Others may be able to verify, but looks like that is an oversized bucket on the loader to me. Good for light weight material, but IF I’m correct you do not want to load it full of heavy material or could risk damaging the loader.

it may be angle of pic, but seems like a large capacity bucket.


----------



## SidecarFlip (Mar 25, 2021)

TX MX5200 said:


> Others may be able to verify, but looks like that is an oversized bucket on the loader to me. Good for light weight material, but IF I’m correct you do not want to load it full of heavy material or could risk damaging the loader.
> 
> it may be angle of pic, but seems like a large capacity bucket.


Material bucket, not digging (excavation) bucket I'd say.

In life, everything takes practice. No one is an instant 'professional' at anything and if they are, they are FOS.


----------



## Tx Jim (Jul 28, 2020)

LouNY said:


> There is no down pressure on the 3 point so it's just the blade weight and the cutting edge attack angle that do the work.
> You could shorten the top link a bit and get a more aggressive attack angle on the cutting edge.

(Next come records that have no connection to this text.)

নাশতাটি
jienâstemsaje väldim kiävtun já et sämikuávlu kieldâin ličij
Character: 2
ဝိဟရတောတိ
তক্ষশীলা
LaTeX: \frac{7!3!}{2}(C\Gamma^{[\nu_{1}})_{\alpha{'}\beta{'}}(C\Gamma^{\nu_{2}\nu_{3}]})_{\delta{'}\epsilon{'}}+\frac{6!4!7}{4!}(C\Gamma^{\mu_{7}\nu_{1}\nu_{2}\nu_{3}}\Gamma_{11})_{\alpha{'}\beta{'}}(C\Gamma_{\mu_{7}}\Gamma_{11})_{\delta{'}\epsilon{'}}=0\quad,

I disagree with your statement. Shortening top link decreases blade angle cutting edge to ground while increasing top link length increases blade cutting edge aggression. Bouncing rear blade can normally be helped by slowing ground speed.


----------



## SidecarFlip (Mar 25, 2021)

Not withstanding, the ground looks frozen to me and no scraper blade will work on frozen ground las time I checked.


----------



## LouNY (Dec 15, 2016)

Tx Jim said:


> I disagree with your statement. Shortening top link decreases blade angle cutting edge to ground while increasing top link length increases blade cutting edge aggression. Bouncing rear blade can normally be helped by slowing ground speed.

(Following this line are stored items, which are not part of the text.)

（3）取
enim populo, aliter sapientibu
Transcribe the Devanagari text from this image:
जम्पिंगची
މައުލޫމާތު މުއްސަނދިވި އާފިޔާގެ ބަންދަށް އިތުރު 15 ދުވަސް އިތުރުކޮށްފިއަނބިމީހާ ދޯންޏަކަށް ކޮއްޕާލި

I guess it depends on were and how you measure the angle;
\, this angle is kind of a normal angle of attack for a blade, if it is laid back further it tends to suck down and bury itself and then lifting it makes a dip in the surface being worked.
I, this angle will scrape and peel a hard surface at times it will also start chattering.
Myself i have better luck cutting into a hard packed surface in a uniform amount with a more upright blade angle,
my blade is also well over 1000 pounds.
Hitting a rock in a hard packed area a blade is going to bounce over it unless you are cutting below the centerline of the rock or are using enough blade to split said rock.


----------



## unsquidly (Jul 13, 2021)

I can sum this up very quickly and answer his question...............What you have is a grader blade and it is made for just that, grading out a surface not for cutting at all...............They are designed to be used in loose material and not hard ground. I agree with bill that to do what you are talking about you really need a box blade or "yardbox" as some folks call them. They have the scariflers, spikes, that will dig into the hard ground, then a blade in the back to level......


----------



## TX MX5200 (May 12, 2020)

I will add the your tractor size will work, but the smaller the tractor the smaller bites you need to take with each pass….it takes practice as said above. I previously had a 30 hp 1953 Ford and it would handle my commercial box blade and 6’ blade. it took patience as if I got too aggressive it would auger in and wheels would dig in quick.

With more weight and power I can take bigger cuts and reduce passes. From my experience, the box will loosen and level, but will not pull material from sides to form a crown in road. Material will generally stay on side you pick it up from…this is why I listen and level with box, then pull it toward center with grader blade before back dragging.

there may be better way, but has worked for me.


----------



## pioneerMan (11 mo ago)

Thanks everyone for your good comments and suggestions!


----------